Monday, Jul. 21, 1952

The Ancient Warrior

At the first notes of California, Here I Come, the big, restless evening-session crowds came to their feet on the floor and in the galleries. Politicos on the platform turned, beaming and clapping. And there was former President Herbert Hoover, walking with an old man's slow and careful step. About him burst a deafening roar of applause. It went on & on.

Night Among Friends. The old gentleman smiled a cautious smile, lifted a hand in greeting, and stood holding himself stiffly erect, almost as if overwhelmed by the sound. Herbert Hoover was 77. Time had whitened his hair, turned his cheeks a flaming pink, and softened the lines of his face. For 20 years he had suffered, with dignity and without complaint, an auto da fe of criticism such as few men, even in public life, have ever endured. But this was his night among friends, his night for the homage due an ancient warrior. The uproar lasted for 13 long minutes.

"That," he said finally, and in heartfelt tones, "was some welcome . .

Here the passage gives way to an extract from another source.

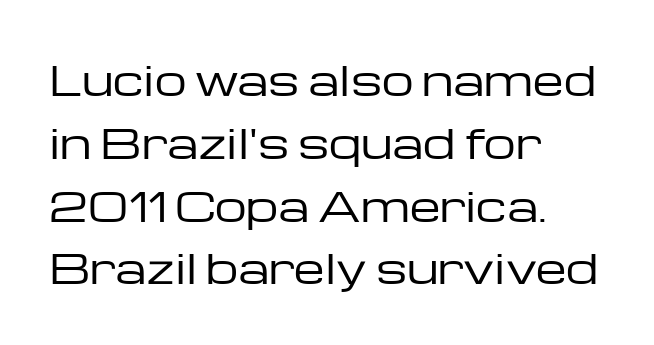
The strokes carry an ordinary text weight at most. The rendering uses a moderate line-height, typical for paragraphs. Do the characters align in a grid? No, the font is proportional. Nothing unusual about the tracking: characters are spaced as the font intends.

"But," he went on in his dry and unemotional voice, "from the inexorable course of nature, this is likely to be the last time that I shall attend your convention." A long-drawn "Nooo" burst from the crowd. But a subtle change came over the hall. The audience reacted less like a crowd listening to a political speech than a big family affectionately assembled to hear a patriarch warn them, as old men will, about the pitfalls of a world they thought they knew better than he.

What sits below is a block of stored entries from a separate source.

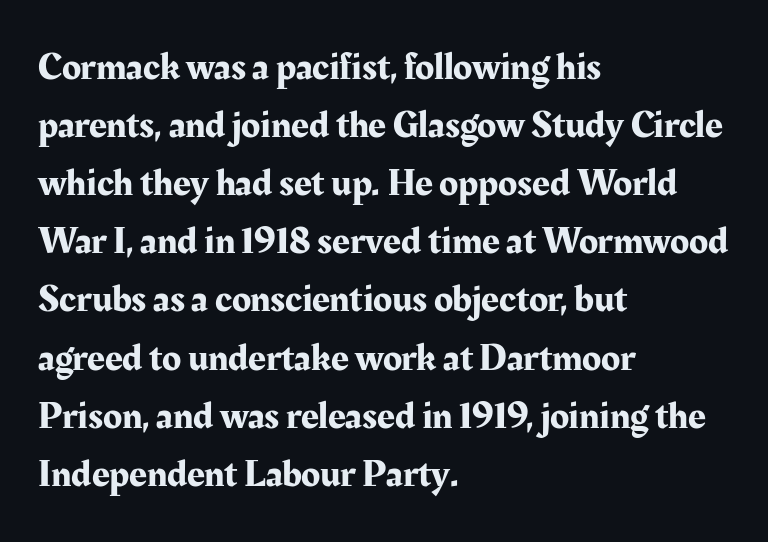
The image shows 39 px serif type, upright; set left-aligned, normal line spacing (1.49x), normal letter spacing, not underlined; medium stroke contrast and a medium x-height.
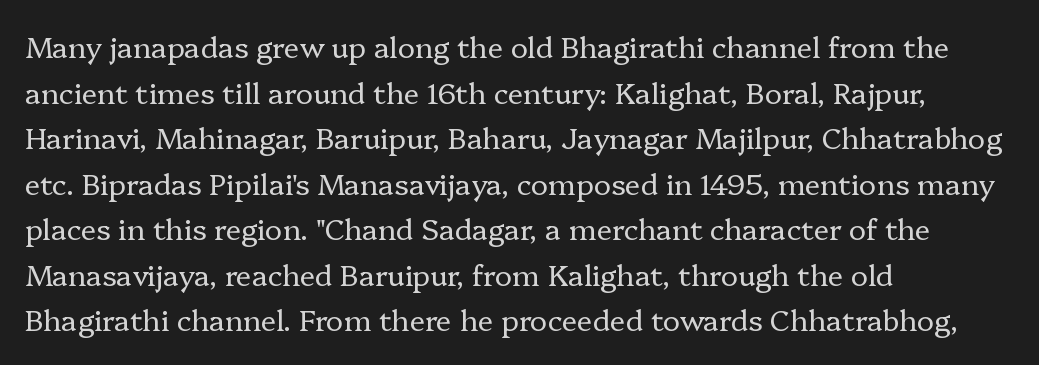
Q: Is the text bold? A: No.
Q: Is the text italic (slanted)? A: No, it is upright.
Q: Is the typeface a serif or a sans-serif typeface? A: Serif.
Q: Is the text underlined? A: No.
Q: How is the paragraph aligned? A: Left-aligned.
Q: Is the spacing between letters normal or unusually wide? A: Normal.
Q: Is the spacing between lines tight, normal or loose? A: Normal.
Q: Width (condensed, normal, or wide)? A: Normal.
Q: Stroke contrast? A: Low.
Q: x-height? A: Medium.
Q: Monospaced? A: No.

His text: that the "words and spirit [of the Constitution] have been distorted and violated" during 20 years of Democratic administrations, and that the freedom of men--an issue "which transcends all transitory questions of national life" --stands at stake in 1952. He criticized the Administration for "tax and tax" at home and "spend and spend" abroad. He made no bones over his conviction that American efforts at arming Western Europe might result in "the bankruptcy which is Stalin's greatest hope."

Although this is markedly different from General Eisenhower's view of Western Europe, even Ike's delegates on the floor joined in the applause.

Rattlesnake Strategy. "I do not propose," Hoover went on, "that we retreat into 'our shell like a turtle." Then his old gift for the precisely wrong word asserted itself: "I do propose the deadly reprisal strategy of a rattlesnake." To do this "within our economic capacities," he asked for an end of great U.S. ground armies. "The sure defense of London, New York and Paris is the fear of counterattack on Moscow from the air." He was interrupted 71 times by applause, yells and cheers. When he finished his speech--"I pray [to God] to strengthen your hands and to give you courage"--a second great ovation burst out in the auditorium. Crowds in the gallery behind the speaker's stand whistled and shouted until he turned toward them. The ovation was in marked contrast to the reception of MacArthur's speech of the night before, which somehow failed to stir the convention.

When National Chairman Guy Gabrielson approached Hoover, amid the clamor, to present him with a gold medal of appreciation, tears started in the old man's eyes. Finally the sound died down, the convention went on. Mr. Hoover walked slowly to the rear of the platform, his medal pinned on his coat, and eased himself down on a chair with the air of a man whose work is finally done.